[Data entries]
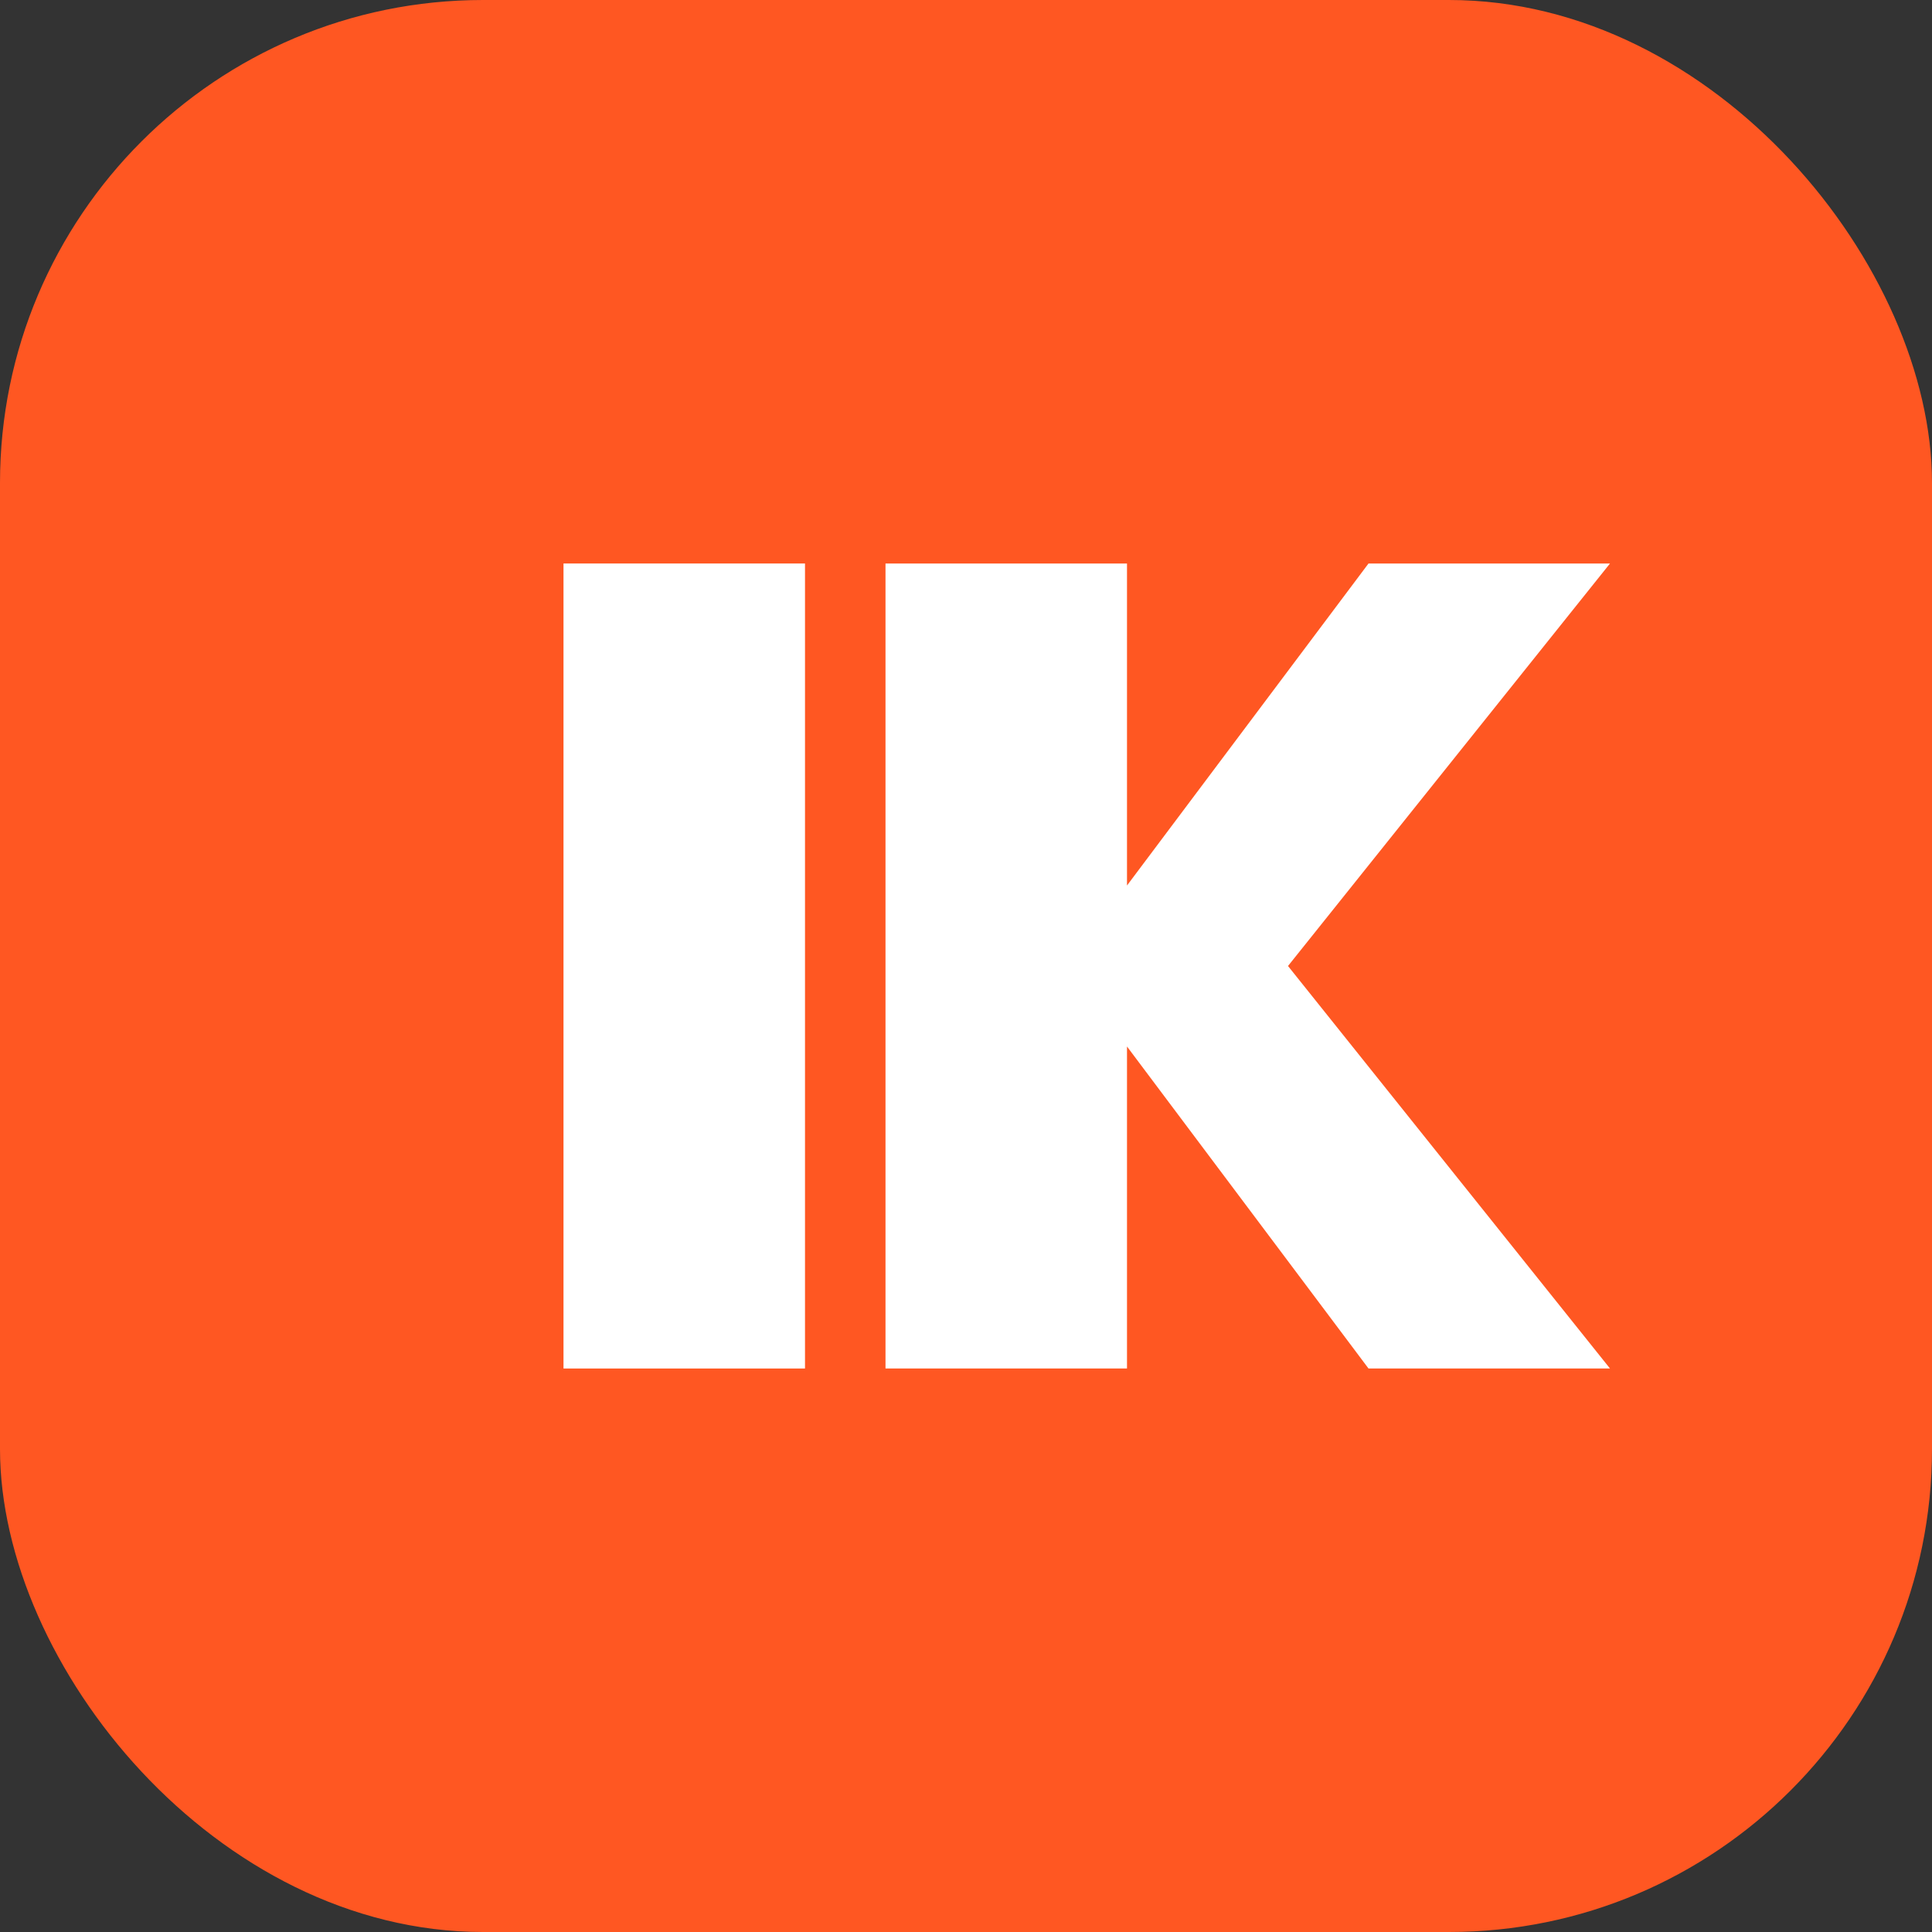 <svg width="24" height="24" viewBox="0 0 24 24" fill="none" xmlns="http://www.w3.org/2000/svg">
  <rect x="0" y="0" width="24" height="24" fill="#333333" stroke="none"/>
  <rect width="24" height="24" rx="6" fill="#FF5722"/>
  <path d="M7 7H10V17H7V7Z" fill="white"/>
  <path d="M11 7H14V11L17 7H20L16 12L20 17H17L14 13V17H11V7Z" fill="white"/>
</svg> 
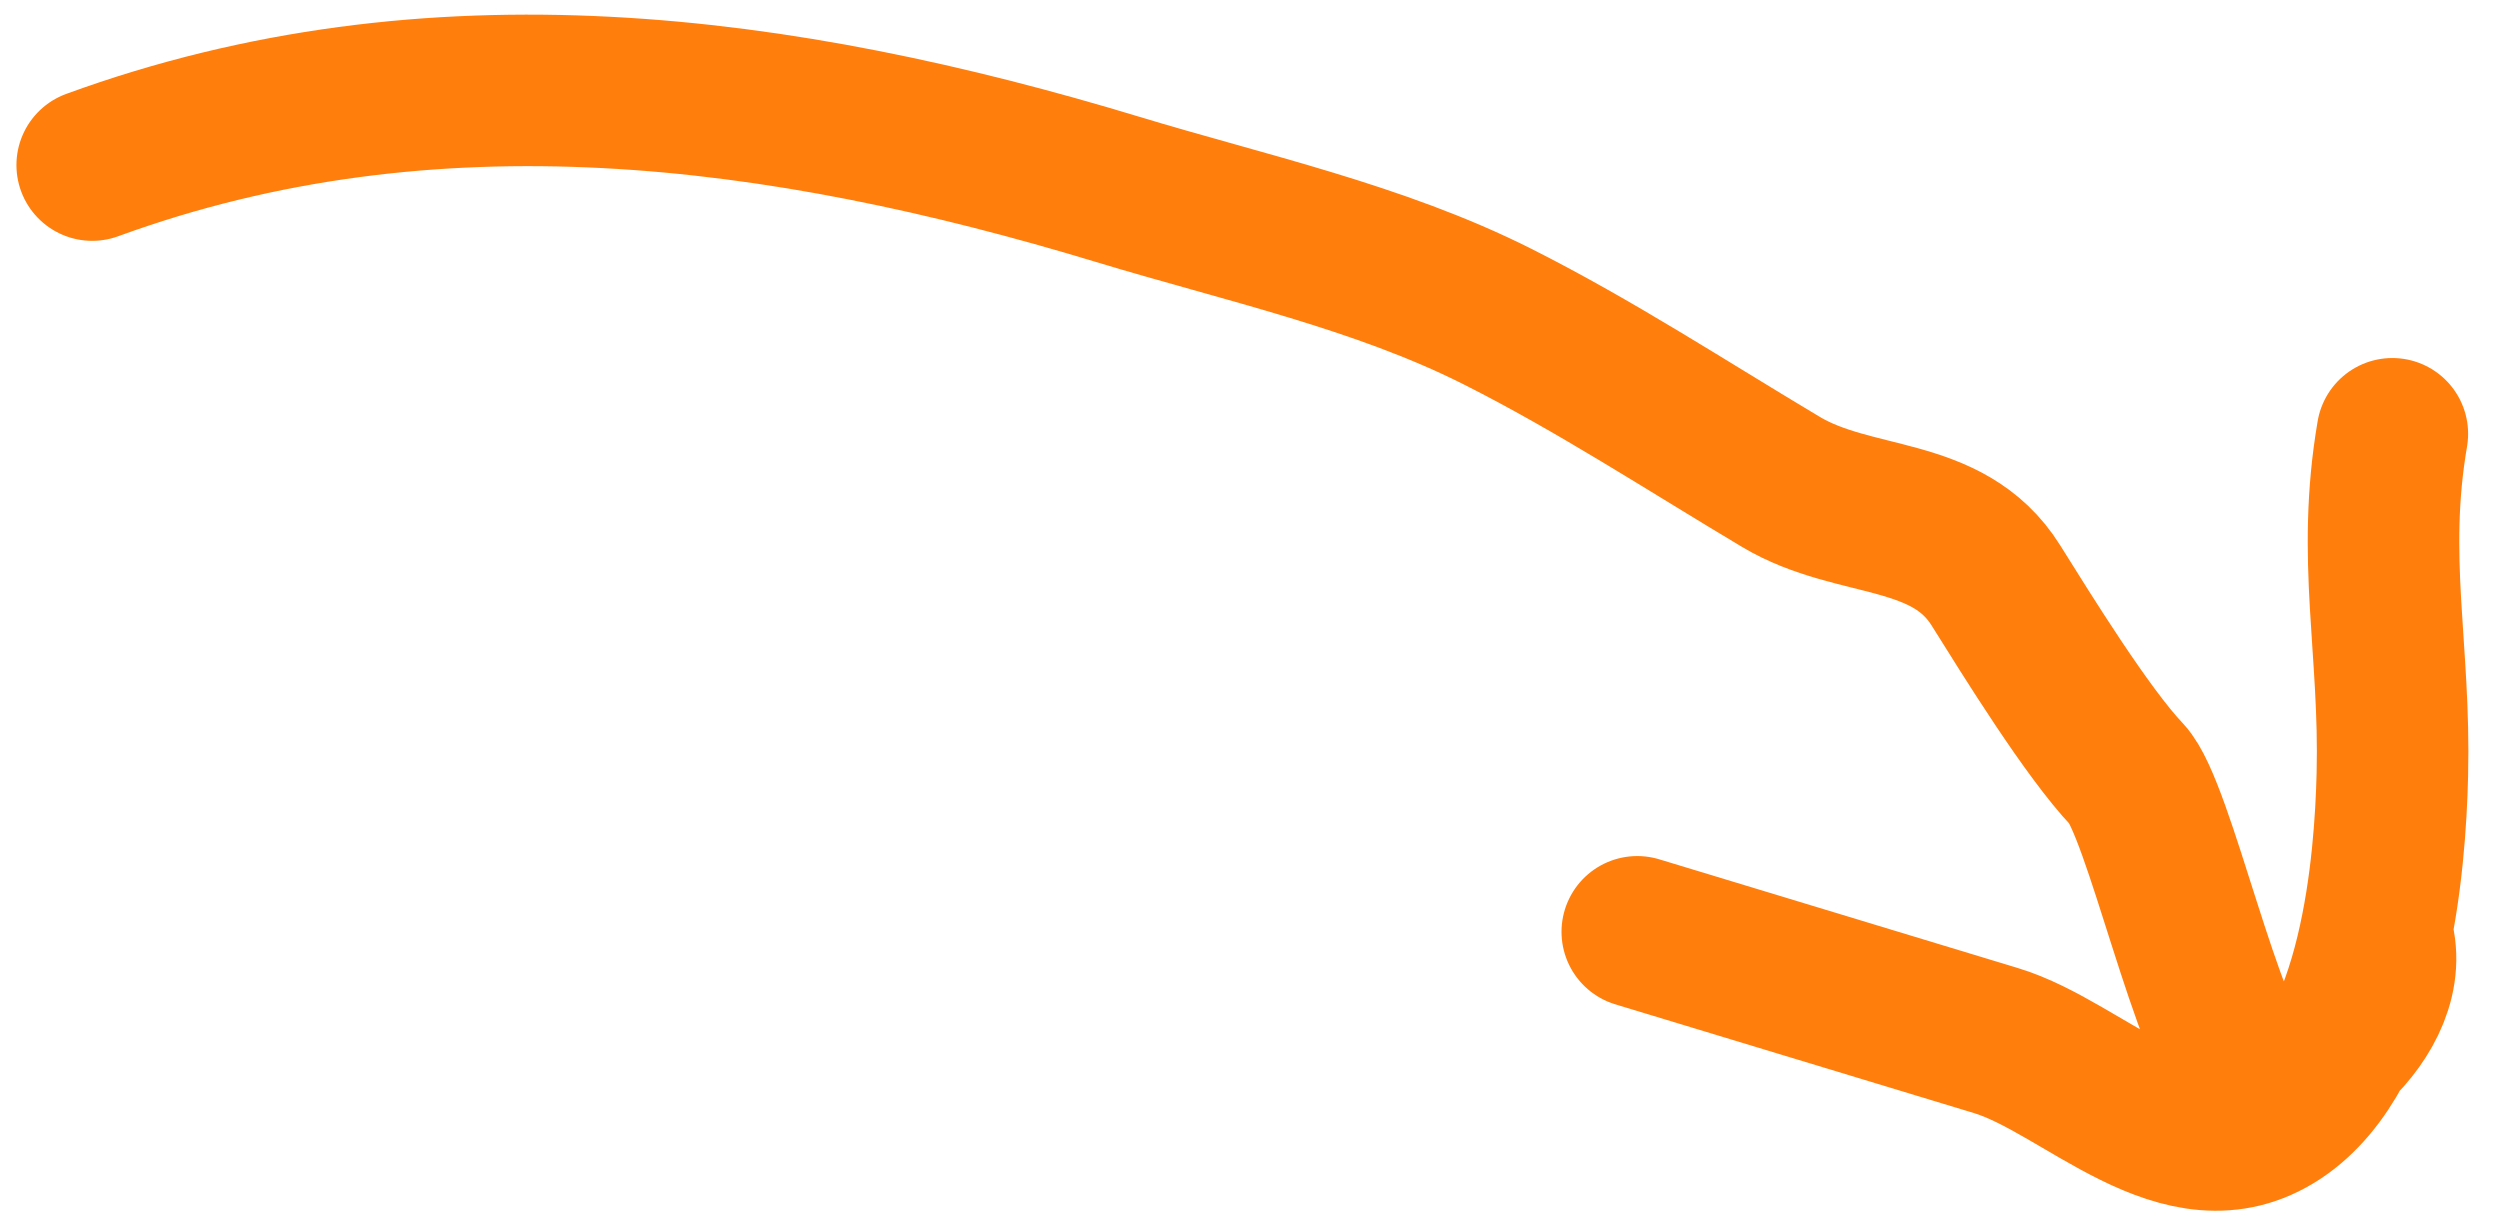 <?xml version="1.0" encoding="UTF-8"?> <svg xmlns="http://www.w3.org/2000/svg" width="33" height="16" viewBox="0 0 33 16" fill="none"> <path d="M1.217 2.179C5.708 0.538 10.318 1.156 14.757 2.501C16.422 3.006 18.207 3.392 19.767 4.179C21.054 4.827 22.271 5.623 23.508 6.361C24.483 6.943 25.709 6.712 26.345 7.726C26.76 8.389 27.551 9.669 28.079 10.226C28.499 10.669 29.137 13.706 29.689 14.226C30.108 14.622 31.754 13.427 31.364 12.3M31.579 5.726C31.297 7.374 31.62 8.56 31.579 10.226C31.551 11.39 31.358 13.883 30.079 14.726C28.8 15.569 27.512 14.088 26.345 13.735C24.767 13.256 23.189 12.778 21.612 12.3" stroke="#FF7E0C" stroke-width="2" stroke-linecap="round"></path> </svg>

[Required action]: Count the lines in the records above that hold the word "rect", and give only that number.

[Answer to this task]: 2